LET ME TELL YOU. THEY WENT NUTS! they start jumping and fist pumping and celebrating. they're all, "WE DID IT!!!!!! WE'RE FATHERSSS!!!! WE HAVE A BABY!!!!!!!!!!!!!!!!!!!!!!!!!!!! THIS IS THE BEST NEWS EVERRRRRRRR!!!!!!!!!!!!!SDLFWEORUWOEJFKLSIFJKLTIWHE"
so they start running around the bar telling EVERYONE and pointing us out.
people are cheering.

andrew and i are dancing around all giddy because of the excitement. so then they come back to us and they say "whatever you want! you will NEVER pay for another one of our shows as long as you live!!!! justice comes too!!!! we'll give you three of everything! we're not even DRUNK!!!" baaaahahaha. i couldnt believe how excited they got. so THEN, they decided to sign one of their records for justice. so they ALL sign the record with things like "to our darling baby boy" and "justice! live forever!!!" and "justice my baby you are ours" and "may the silver bells of justice ring ever true" and "raise 'em high! bring the fury strength and joy, justice!" so yeah. now we have this f-ing tight ass record signed for justice by the members of the band that played on the night of his conception!

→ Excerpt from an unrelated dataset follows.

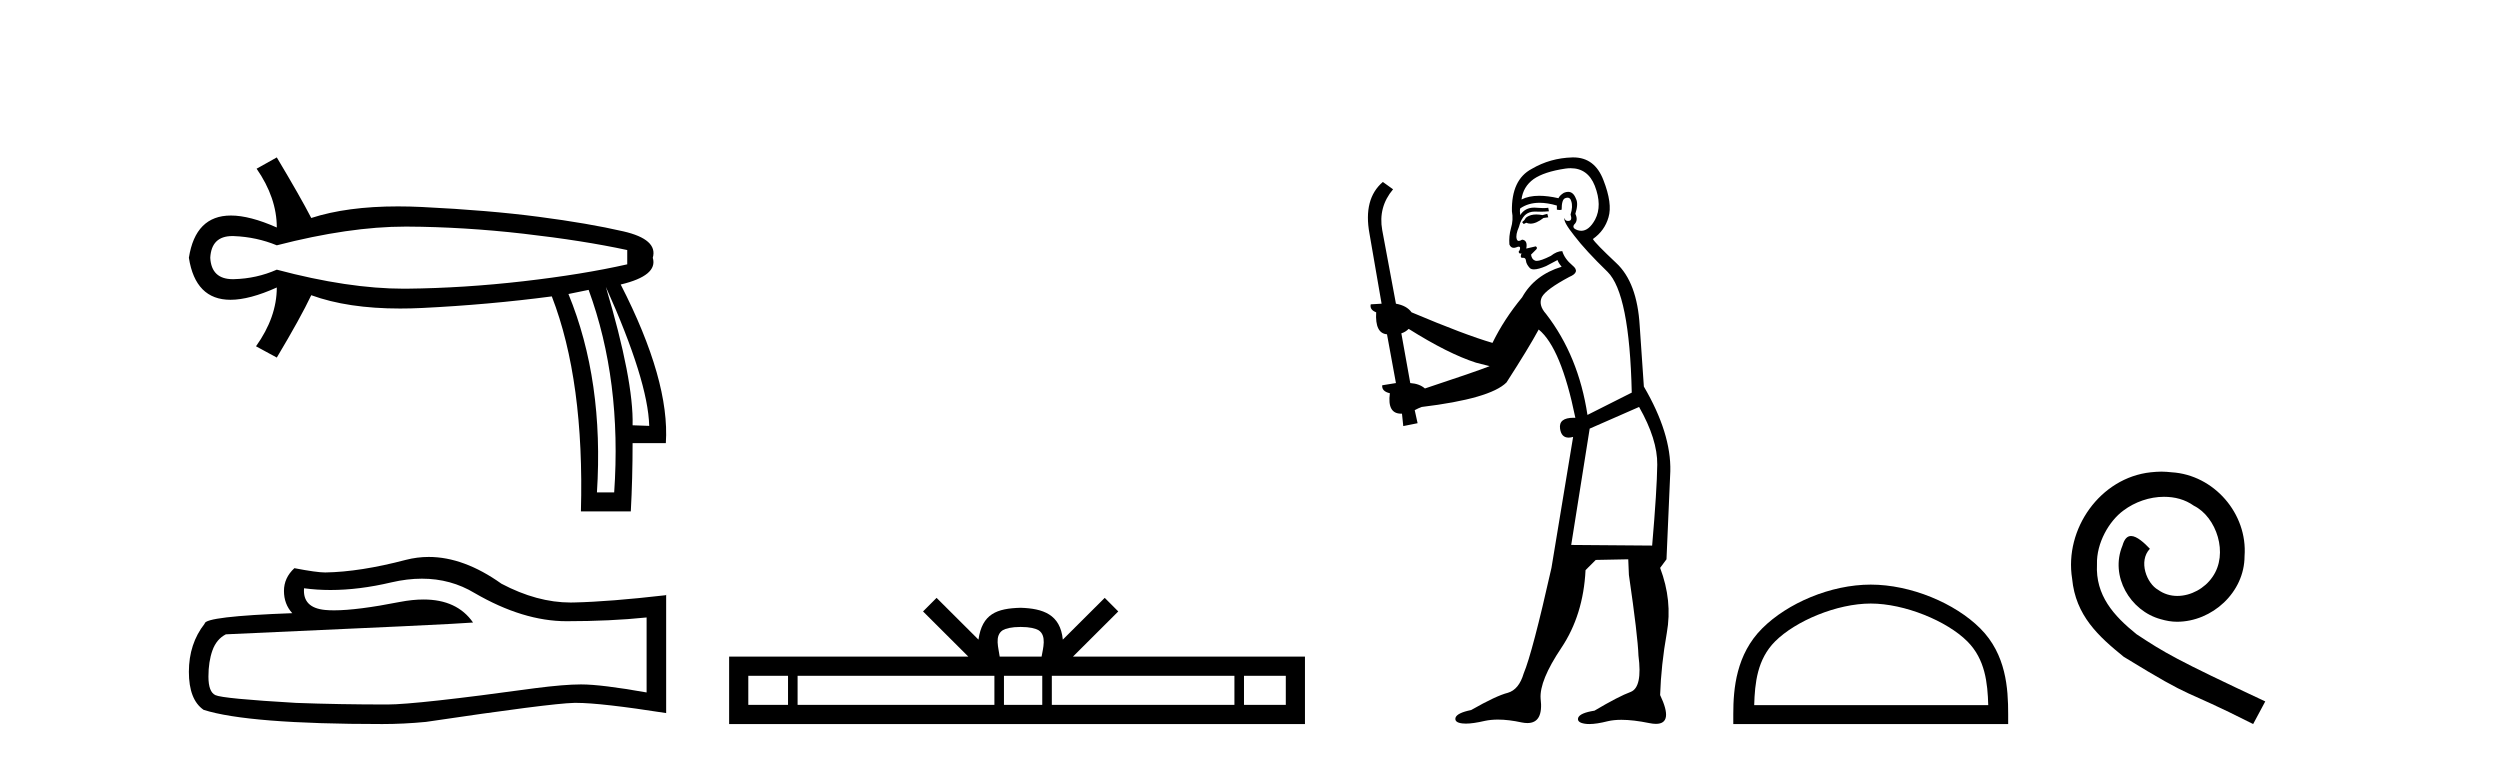 <?xml version='1.0' encoding='UTF-8' standalone='yes'?><svg xmlns='http://www.w3.org/2000/svg' xmlns:xlink='http://www.w3.org/1999/xlink' width='134.0' height='41.0' ><path d='M 21.731 12.146 Q 21.778 12.146 21.824 12.146 Q 24.865 12.162 28.064 12.528 Q 31.264 12.894 33.62 13.403 L 33.62 14.168 Q 31.232 14.709 28.049 15.075 Q 24.865 15.441 21.824 15.473 Q 21.735 15.474 21.645 15.474 Q 18.668 15.474 14.836 14.454 Q 13.754 14.932 12.544 14.963 Q 12.512 14.964 12.481 14.964 Q 11.332 14.964 11.27 13.817 Q 11.332 12.653 12.454 12.653 Q 12.498 12.653 12.544 12.655 Q 13.754 12.703 14.836 13.149 Q 18.723 12.146 21.731 12.146 ZM 32.474 15.377 Q 34.734 20.408 34.798 22.827 L 34.798 22.827 L 33.907 22.795 Q 33.97 20.408 32.474 15.377 ZM 31.551 15.537 Q 33.334 20.408 32.92 26.393 L 31.996 26.393 Q 32.378 20.408 30.468 15.759 L 31.551 15.537 ZM 14.836 8.437 L 13.754 9.042 Q 14.836 10.602 14.836 12.194 Q 13.388 11.552 12.377 11.552 Q 10.477 11.552 10.124 13.817 Q 10.475 16.069 12.354 16.069 Q 13.371 16.069 14.836 15.409 L 14.836 15.409 Q 14.836 17.001 13.722 18.561 L 14.836 19.166 Q 16.11 17.033 16.683 15.823 Q 18.64 16.537 21.443 16.537 Q 22.014 16.537 22.62 16.508 Q 26.202 16.332 29.577 15.887 Q 31.328 20.408 31.137 27.412 L 33.811 27.412 Q 33.907 25.661 33.907 23.751 L 35.689 23.751 Q 35.912 20.408 33.27 15.25 Q 35.276 14.772 34.989 13.817 Q 35.276 12.83 33.413 12.401 Q 31.551 11.971 28.876 11.621 Q 26.202 11.27 22.62 11.095 Q 21.953 11.063 21.327 11.063 Q 18.599 11.063 16.683 11.684 Q 16.11 10.57 14.836 8.437 Z' style='fill:#000000;stroke:none' /><path d='M 22.615 31.017 Q 24.165 31.017 25.442 31.789 Q 28.04 33.297 30.366 33.297 Q 32.706 33.297 34.658 33.096 L 34.658 37.115 Q 32.232 36.685 31.155 36.685 L 31.127 36.685 Q 30.251 36.685 28.686 36.886 Q 22.327 37.761 20.762 37.761 Q 18.163 37.761 15.866 37.675 Q 11.933 37.446 11.545 37.259 Q 11.172 37.087 11.172 36.268 Q 11.172 35.464 11.387 34.861 Q 11.603 34.259 12.105 34 Q 24.394 33.455 25.356 33.368 Q 24.499 32.133 22.702 32.133 Q 22.119 32.133 21.437 32.263 Q 19.148 32.714 17.907 32.714 Q 17.646 32.714 17.431 32.694 Q 16.211 32.579 16.297 31.531 L 16.297 31.531 Q 16.983 31.624 17.713 31.624 Q 19.246 31.624 20.977 31.215 Q 21.831 31.017 22.615 31.017 ZM 22.981 29.852 Q 22.359 29.852 21.752 30.009 Q 19.298 30.655 17.431 30.684 Q 16.972 30.684 15.78 30.454 Q 15.22 30.971 15.22 31.675 Q 15.22 32.378 15.665 32.866 Q 10.971 33.038 10.971 33.426 Q 10.124 34.503 10.124 36.01 Q 10.124 37.503 10.914 38.048 Q 13.297 38.809 20.489 38.809 Q 21.637 38.809 22.829 38.694 Q 29.49 37.704 30.768 37.675 Q 30.828 37.674 30.894 37.674 Q 32.206 37.674 35.706 38.221 L 35.706 31.875 L 35.677 31.904 Q 32.677 32.249 30.782 32.292 Q 30.685 32.295 30.587 32.295 Q 28.784 32.295 26.877 31.287 Q 24.86 29.852 22.981 29.852 Z' style='fill:#000000;stroke:none' /><path d='M 54.707 33.604 C 55.207 33.604 55.508 33.689 55.664 33.778 C 56.118 34.068 55.902 34.761 55.829 35.195 L 53.584 35.195 C 53.531 34.752 53.286 34.076 53.749 33.778 C 53.905 33.689 54.206 33.604 54.707 33.604 ZM 42.238 36.222 L 42.238 37.782 L 40.109 37.782 L 40.109 36.222 ZM 53.3 36.222 L 53.3 37.782 L 42.751 37.782 L 42.751 36.222 ZM 55.865 36.222 L 55.865 37.782 L 53.812 37.782 L 53.812 36.222 ZM 66.165 36.222 L 66.165 37.782 L 56.378 37.782 L 56.378 36.222 ZM 68.919 36.222 L 68.919 37.782 L 66.678 37.782 L 66.678 36.222 ZM 50.2 32.045 L 49.475 32.773 L 51.903 35.195 L 39.081 35.195 L 39.081 38.809 L 69.946 38.809 L 69.946 35.195 L 57.51 35.195 L 59.939 32.773 L 59.213 32.045 L 56.967 34.284 C 56.833 32.927 55.903 32.615 54.707 32.577 C 53.429 32.611 52.644 32.9 52.446 34.284 L 50.2 32.045 Z' style='fill:#000000;stroke:none' /><path d='M 82.936 11.461 L 82.679 11.53 Q 82.5 11.495 82.346 11.495 Q 82.192 11.495 82.064 11.53 Q 81.808 11.615 81.757 11.717 Q 81.706 11.82 81.586 11.905 L 81.671 12.008 L 81.808 11.94 Q 81.916 11.988 82.037 11.988 Q 82.34 11.988 82.731 11.683 L 82.987 11.649 L 82.936 11.461 ZM 84.184 9.016 Q 85.107 9.016 85.481 9.958 Q 85.891 11.017 85.498 11.769 Q 85.17 12.37 84.754 12.37 Q 84.651 12.37 84.541 12.332 Q 84.251 12.23 84.37 12.042 Q 84.61 11.82 84.439 11.461 Q 84.61 10.915 84.473 10.658 Q 84.335 10.283 84.052 10.283 Q 83.948 10.283 83.824 10.334 Q 83.602 10.47 83.533 10.624 Q 82.96 10.494 82.503 10.494 Q 81.939 10.494 81.552 10.693 Q 81.637 10.009 82.201 9.599 Q 82.765 9.206 83.909 9.036 Q 84.052 9.016 84.184 9.016 ZM 75.505 17.628 Q 77.623 18.96 79.109 19.438 L 79.844 19.626 Q 79.109 19.917 76.376 20.822 Q 76.086 20.566 75.59 20.532 L 75.112 17.867 Q 75.334 17.799 75.505 17.628 ZM 84.023 10.595 Q 84.168 10.595 84.217 10.778 Q 84.319 11.068 84.183 11.495 Q 84.285 11.82 84.097 11.837 Q 84.066 11.842 84.038 11.842 Q 83.887 11.842 83.858 11.683 L 83.858 11.683 Q 83.773 11.871 84.387 12.64 Q 84.985 13.426 86.164 14.57 Q 87.343 15.732 87.462 21.044 L 85.088 22.24 Q 84.61 19.08 82.867 16.825 Q 82.44 16.347 82.645 15.92 Q 82.867 15.51 84.114 14.843 Q 84.729 14.587 84.285 14.228 Q 83.858 13.87 83.738 13.46 Q 83.448 13.46 83.123 13.716 Q 82.587 13.984 82.366 13.984 Q 82.319 13.984 82.286 13.972 Q 82.099 13.904 82.064 13.648 L 82.321 13.391 Q 82.44 13.289 82.321 13.204 L 81.808 13.323 Q 81.894 12.879 81.586 12.845 Q 81.478 12.914 81.409 12.914 Q 81.324 12.914 81.296 12.811 Q 81.227 12.589 81.415 12.162 Q 81.518 11.752 81.74 11.53 Q 81.945 11.34 82.266 11.34 Q 82.293 11.34 82.321 11.342 Q 82.44 11.347 82.558 11.347 Q 82.793 11.347 83.021 11.325 L 82.987 11.137 Q 82.859 11.154 82.709 11.154 Q 82.56 11.154 82.389 11.137 Q 82.31 11.128 82.236 11.128 Q 81.736 11.128 81.484 11.53 Q 81.449 11.273 81.484 11.171 Q 81.916 10.869 82.519 10.869 Q 82.942 10.869 83.448 11.017 L 83.448 11.239 Q 83.525 11.256 83.589 11.256 Q 83.653 11.256 83.704 11.239 Q 83.704 10.693 83.892 10.624 Q 83.965 10.595 84.023 10.595 ZM 87.855 21.813 Q 88.846 23.555 88.829 24.905 Q 88.812 26.254 88.555 29.243 L 84.217 29.209 L 85.207 22.974 L 87.855 21.813 ZM 84.331 8.437 Q 84.3 8.437 84.268 8.438 Q 83.089 8.472 82.099 9.053 Q 81.005 9.633 81.039 11.325 Q 81.125 11.786 80.988 12.23 Q 80.869 12.657 80.903 13.101 Q 80.976 13.284 81.136 13.284 Q 81.201 13.284 81.279 13.255 Q 81.358 13.22 81.406 13.22 Q 81.522 13.22 81.449 13.426 Q 81.381 13.46 81.415 13.545 Q 81.438 13.591 81.491 13.591 Q 81.518 13.591 81.552 13.579 L 81.552 13.579 Q 81.456 13.82 81.6 13.82 Q 81.61 13.82 81.62 13.819 Q 81.634 13.817 81.647 13.817 Q 81.776 13.817 81.791 13.972 Q 81.808 14.16 81.996 14.365 Q 82.07 14.439 82.22 14.439 Q 82.452 14.439 82.867 14.263 L 83.482 13.938 Q 83.533 14.092 83.704 14.297 Q 82.252 14.741 81.586 15.937 Q 80.612 17.115 79.997 18.379 Q 78.528 17.952 75.659 16.74 Q 75.402 16.381 74.822 16.278 L 74.087 12.332 Q 73.865 11.102 74.668 10.146 L 74.121 9.753 Q 73.062 10.658 73.404 12.52 L 74.053 16.278 L 73.472 16.312 Q 73.404 16.603 73.763 16.74 Q 73.694 17.867 74.343 17.918 L 74.822 20.532 Q 74.446 20.6 74.087 20.651 Q 74.053 20.976 74.497 21.078 Q 74.348 22.173 75.1 22.173 Q 75.123 22.173 75.146 22.172 L 75.215 22.838 L 75.983 22.684 L 75.829 21.984 Q 76.017 21.881 76.205 21.813 Q 79.878 21.369 80.749 20.498 Q 81.928 18.67 82.474 17.662 Q 83.67 18.636 84.439 22.394 Q 84.391 22.392 84.346 22.392 Q 83.538 22.392 83.619 22.974 Q 83.686 23.456 84.077 23.456 Q 84.185 23.456 84.319 23.419 L 84.319 23.419 L 83.158 30.439 Q 82.133 35 81.671 36.093 Q 81.415 36.964 80.817 37.135 Q 80.202 37.289 78.853 38.058 Q 78.101 38.211 78.016 38.468 Q 77.948 38.724 78.375 38.775 Q 78.463 38.786 78.568 38.786 Q 78.957 38.786 79.587 38.639 Q 79.909 38.57 80.29 38.57 Q 80.862 38.57 81.569 38.724 Q 81.732 38.756 81.868 38.756 Q 82.739 38.756 82.577 37.443 Q 82.508 36.486 83.687 34.727 Q 84.866 32.967 84.985 30.559 L 85.532 30.012 L 87.274 29.978 L 87.309 30.815 Q 87.787 34.095 87.821 35.137 Q 88.043 36.828 87.411 37.084 Q 86.762 37.323 85.464 38.092 Q 84.695 38.211 84.592 38.468 Q 84.507 38.724 84.951 38.792 Q 85.058 38.809 85.188 38.809 Q 85.579 38.809 86.181 38.656 Q 86.497 38.582 86.907 38.582 Q 87.541 38.582 88.402 38.758 Q 88.602 38.799 88.757 38.799 Q 89.718 38.799 88.983 37.255 Q 89.034 35.649 89.341 33.924 Q 89.649 32.199 88.983 30.439 L 89.324 29.978 L 89.529 25.263 Q 89.58 23.231 88.111 20.72 Q 88.043 19.797 87.889 17.474 Q 87.753 15.134 86.625 14.092 Q 85.498 13.033 85.378 12.811 Q 86.01 12.367 86.215 11.649 Q 86.437 10.915 85.942 9.651 Q 85.476 8.437 84.331 8.437 Z' style='fill:#000000;stroke:none' /><path d='M 100.271 32.35 C 102.083 32.35 104.352 33.281 105.449 34.378 C 106.41 35.339 106.535 36.612 106.57 37.795 L 94.025 37.795 C 94.06 36.612 94.186 35.339 95.146 34.378 C 96.244 33.281 98.459 32.35 100.271 32.35 ZM 100.271 31.335 C 98.121 31.335 95.808 32.329 94.452 33.684 C 93.061 35.075 92.904 36.906 92.904 38.275 L 92.904 38.809 L 107.638 38.809 L 107.638 38.275 C 107.638 36.906 107.534 35.075 106.143 33.684 C 104.788 32.329 102.421 31.335 100.271 31.335 Z' style='fill:#000000;stroke:none' /><path d='M 115.849 25.279 C 115.661 25.279 115.473 25.297 115.285 25.314 C 112.569 25.604 110.639 28.354 111.066 31.019 C 111.254 33.001 112.484 34.111 113.833 35.205 C 117.848 37.665 116.72 36.759 120.769 38.809 L 121.418 37.596 C 116.601 35.341 116.02 34.983 114.516 33.992 C 113.286 33.001 112.313 31.908 112.398 30.251 C 112.364 29.106 113.047 27.927 113.816 27.364 C 114.431 26.902 115.217 26.629 115.986 26.629 C 116.566 26.629 117.113 26.766 117.591 27.107 C 118.804 27.705 119.471 29.687 118.582 30.934 C 118.172 31.532 117.438 31.942 116.703 31.942 C 116.344 31.942 115.986 31.839 115.678 31.617 C 115.063 31.276 114.602 30.08 115.234 29.414 C 114.944 29.106 114.534 28.73 114.226 28.73 C 114.021 28.73 113.867 28.884 113.765 29.243 C 113.081 30.883 114.175 32.745 115.815 33.189 C 116.105 33.274 116.396 33.326 116.686 33.326 C 118.565 33.326 120.308 31.754 120.308 29.807 C 120.478 27.534 118.668 25.45 116.396 25.314 C 116.225 25.297 116.037 25.279 115.849 25.279 Z' style='fill:#000000;stroke:none' /></svg>

FULL CIRCLE! HAPPY CONCEPTION NIGHT!!!!!!!!!!!!!!!!!!!!!
!!!!!!!!

01 November 2008

lurve

i miss you more than ever right now
and our portofino dreams
let's run away together
oh and jump on the back of a train - it's easy, right?

29 October 2008

moapbox

i think this may be the beginning of a beautiful thing.
not this.
thanks for the moapbox, dear pen pal.

23 October 2008

haiku

he deserves the best
my heart aches for what he lacks
god has a purpose

17 October 2008

oh, if only...

you know what i want to do really really badly? [badly? do i use badly there? that's an adverb. those were always tricky] i want to sit on a porch with friends. only friends we are i am comfortable with, and i want to have a couple packs of cloves sitting in the middle of us. and plenty of cold beer and/or delicious red wine. i want to smoke and i want to drink until the wee hours of the morning. and i want to talk. and talk and talk and talk and talk about meaningful things and silly things and personal things and absolutely anythings. and i want music. loud, ambient music to be playing. and i want to drift off to sleep after it's all over thinking damn i love my friends. and i want to wake up the next morning with a really really sore throat from all those delectable cloves. hopefully not too hung over. and then i want to go out for breakfast somewhere fattening. i miss friends.

14 October 2008

happiness for.

an important thing to learn in friendship is what i will refer to as happiness for.
this is something i'm only beginning to understand.
happiness for my friends' happiness.
happiness for my friends' success.
happiness for my friends' adventures and experiences.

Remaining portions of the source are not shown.